After all, who would guess that such a thing would even be allowed if it were not a safe thing to do? You would believe that some nursing regulatory body would not allow it, that hospitals would not hire these NPs lacking nursing experience????

My point is that, it's not their fault that we have idiots at our helm.

What we have here is a conflict of the new state of nurses versus what nursing was in the past. I will admit, much of what many older nurses hold on to is antiquated. Nursing is moving in another direction and that is not a bad thing. I get that the NP role was designed for "seasoned" nurses to pursue higher education as mid-level providers, but things have changed. We now have new: technology, physiological information, and pharmacological information. Students are entering direct entry MSN programs with no bedside experience but with a solid clinical base to see and treat patients.

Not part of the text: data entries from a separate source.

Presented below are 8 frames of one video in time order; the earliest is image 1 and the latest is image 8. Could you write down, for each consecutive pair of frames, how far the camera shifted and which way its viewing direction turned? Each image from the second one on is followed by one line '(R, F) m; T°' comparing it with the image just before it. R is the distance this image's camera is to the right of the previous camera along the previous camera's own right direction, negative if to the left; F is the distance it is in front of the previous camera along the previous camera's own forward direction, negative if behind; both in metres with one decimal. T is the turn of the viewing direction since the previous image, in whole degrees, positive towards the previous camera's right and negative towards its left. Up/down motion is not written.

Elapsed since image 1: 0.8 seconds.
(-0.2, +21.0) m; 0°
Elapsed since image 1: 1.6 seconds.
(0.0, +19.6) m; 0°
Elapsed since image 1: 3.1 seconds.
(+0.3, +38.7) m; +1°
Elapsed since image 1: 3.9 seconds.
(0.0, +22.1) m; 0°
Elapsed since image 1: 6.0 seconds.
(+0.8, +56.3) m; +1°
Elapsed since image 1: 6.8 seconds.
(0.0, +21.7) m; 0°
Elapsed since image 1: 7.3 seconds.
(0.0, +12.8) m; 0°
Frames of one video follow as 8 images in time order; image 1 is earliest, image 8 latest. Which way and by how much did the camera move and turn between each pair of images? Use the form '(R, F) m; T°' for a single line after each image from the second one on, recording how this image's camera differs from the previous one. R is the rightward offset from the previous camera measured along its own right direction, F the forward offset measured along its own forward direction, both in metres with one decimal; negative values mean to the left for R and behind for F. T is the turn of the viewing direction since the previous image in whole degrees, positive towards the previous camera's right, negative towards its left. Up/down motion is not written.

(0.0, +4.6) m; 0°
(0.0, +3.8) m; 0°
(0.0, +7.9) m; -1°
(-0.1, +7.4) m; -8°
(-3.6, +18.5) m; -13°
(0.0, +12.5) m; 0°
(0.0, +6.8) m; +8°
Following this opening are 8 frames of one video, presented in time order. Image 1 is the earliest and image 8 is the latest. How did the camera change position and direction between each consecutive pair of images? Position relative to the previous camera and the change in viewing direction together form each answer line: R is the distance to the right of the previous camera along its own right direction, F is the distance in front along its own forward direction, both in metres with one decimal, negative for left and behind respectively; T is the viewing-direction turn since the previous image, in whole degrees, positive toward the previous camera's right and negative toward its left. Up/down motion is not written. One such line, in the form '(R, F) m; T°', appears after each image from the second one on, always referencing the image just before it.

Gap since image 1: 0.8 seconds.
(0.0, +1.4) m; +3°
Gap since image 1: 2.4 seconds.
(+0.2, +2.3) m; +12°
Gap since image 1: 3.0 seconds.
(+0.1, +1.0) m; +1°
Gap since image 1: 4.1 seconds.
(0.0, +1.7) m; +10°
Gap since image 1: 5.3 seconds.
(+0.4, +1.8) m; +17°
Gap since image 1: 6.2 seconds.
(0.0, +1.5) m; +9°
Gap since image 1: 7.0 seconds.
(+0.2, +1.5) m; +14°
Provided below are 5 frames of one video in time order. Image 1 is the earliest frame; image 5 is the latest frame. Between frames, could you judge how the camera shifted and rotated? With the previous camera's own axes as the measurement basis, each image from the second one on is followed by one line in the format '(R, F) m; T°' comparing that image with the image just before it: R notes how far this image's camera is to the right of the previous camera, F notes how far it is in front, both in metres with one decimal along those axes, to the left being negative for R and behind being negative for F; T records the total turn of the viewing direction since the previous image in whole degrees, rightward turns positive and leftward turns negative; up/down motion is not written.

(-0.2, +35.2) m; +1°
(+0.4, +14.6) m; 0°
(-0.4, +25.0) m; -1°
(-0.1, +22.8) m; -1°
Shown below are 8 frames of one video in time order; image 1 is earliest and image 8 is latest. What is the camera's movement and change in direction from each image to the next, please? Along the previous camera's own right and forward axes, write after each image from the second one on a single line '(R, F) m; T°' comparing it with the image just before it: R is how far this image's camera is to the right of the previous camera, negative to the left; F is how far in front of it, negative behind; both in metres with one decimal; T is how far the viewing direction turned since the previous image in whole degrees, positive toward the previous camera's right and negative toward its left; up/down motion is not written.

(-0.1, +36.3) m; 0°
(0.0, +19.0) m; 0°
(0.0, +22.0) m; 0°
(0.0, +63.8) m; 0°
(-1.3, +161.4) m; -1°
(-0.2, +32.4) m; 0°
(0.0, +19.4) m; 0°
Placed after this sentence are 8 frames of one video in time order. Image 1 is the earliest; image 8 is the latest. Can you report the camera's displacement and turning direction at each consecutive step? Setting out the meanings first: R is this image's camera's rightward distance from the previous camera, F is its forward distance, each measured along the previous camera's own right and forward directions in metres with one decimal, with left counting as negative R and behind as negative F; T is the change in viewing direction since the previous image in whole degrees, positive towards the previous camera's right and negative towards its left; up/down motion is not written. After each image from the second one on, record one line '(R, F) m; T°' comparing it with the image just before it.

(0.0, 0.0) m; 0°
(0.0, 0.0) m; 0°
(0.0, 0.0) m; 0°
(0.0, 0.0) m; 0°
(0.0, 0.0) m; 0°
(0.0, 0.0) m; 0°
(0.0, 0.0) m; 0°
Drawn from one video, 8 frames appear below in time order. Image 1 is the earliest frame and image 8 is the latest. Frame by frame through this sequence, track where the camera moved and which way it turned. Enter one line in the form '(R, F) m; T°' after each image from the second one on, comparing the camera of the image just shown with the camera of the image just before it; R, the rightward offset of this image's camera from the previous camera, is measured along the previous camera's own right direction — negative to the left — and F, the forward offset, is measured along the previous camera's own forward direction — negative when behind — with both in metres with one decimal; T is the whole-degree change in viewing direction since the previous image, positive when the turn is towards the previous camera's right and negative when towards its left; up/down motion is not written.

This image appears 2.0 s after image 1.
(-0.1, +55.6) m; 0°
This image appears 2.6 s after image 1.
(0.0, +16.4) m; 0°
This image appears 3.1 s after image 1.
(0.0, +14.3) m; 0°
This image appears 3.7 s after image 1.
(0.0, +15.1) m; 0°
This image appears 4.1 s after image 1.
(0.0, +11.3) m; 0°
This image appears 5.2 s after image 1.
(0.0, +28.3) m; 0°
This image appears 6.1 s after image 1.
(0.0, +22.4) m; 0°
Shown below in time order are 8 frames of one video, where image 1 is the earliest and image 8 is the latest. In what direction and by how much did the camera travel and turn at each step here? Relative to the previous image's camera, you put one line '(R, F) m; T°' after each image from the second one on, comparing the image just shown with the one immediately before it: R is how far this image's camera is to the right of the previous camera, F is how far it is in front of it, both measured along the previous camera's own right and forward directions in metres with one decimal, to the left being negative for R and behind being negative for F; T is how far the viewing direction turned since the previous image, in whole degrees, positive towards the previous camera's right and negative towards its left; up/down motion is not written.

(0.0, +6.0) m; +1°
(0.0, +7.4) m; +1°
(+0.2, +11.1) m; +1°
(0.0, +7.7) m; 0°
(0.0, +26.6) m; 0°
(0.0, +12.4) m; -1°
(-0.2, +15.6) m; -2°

Much of the contention in this thread seems to revolve around inexperience and how that makes for an unprepared NP. Well, the role of the bedside nurse and the duty of the NP can't be paralled. Sure, seasoned bedside nurses have seen first-hand maladies and are familiar with how to care for them as a bedside nurse. NPs deal with the maladies and how to diagnose and treat them. Being that the job entails different approaches, I surmise that a nurse that hasn't had years of experience is very well capable of being a competent NP considering they took their education seriously during school and have the mental capacity to make the physiological connections.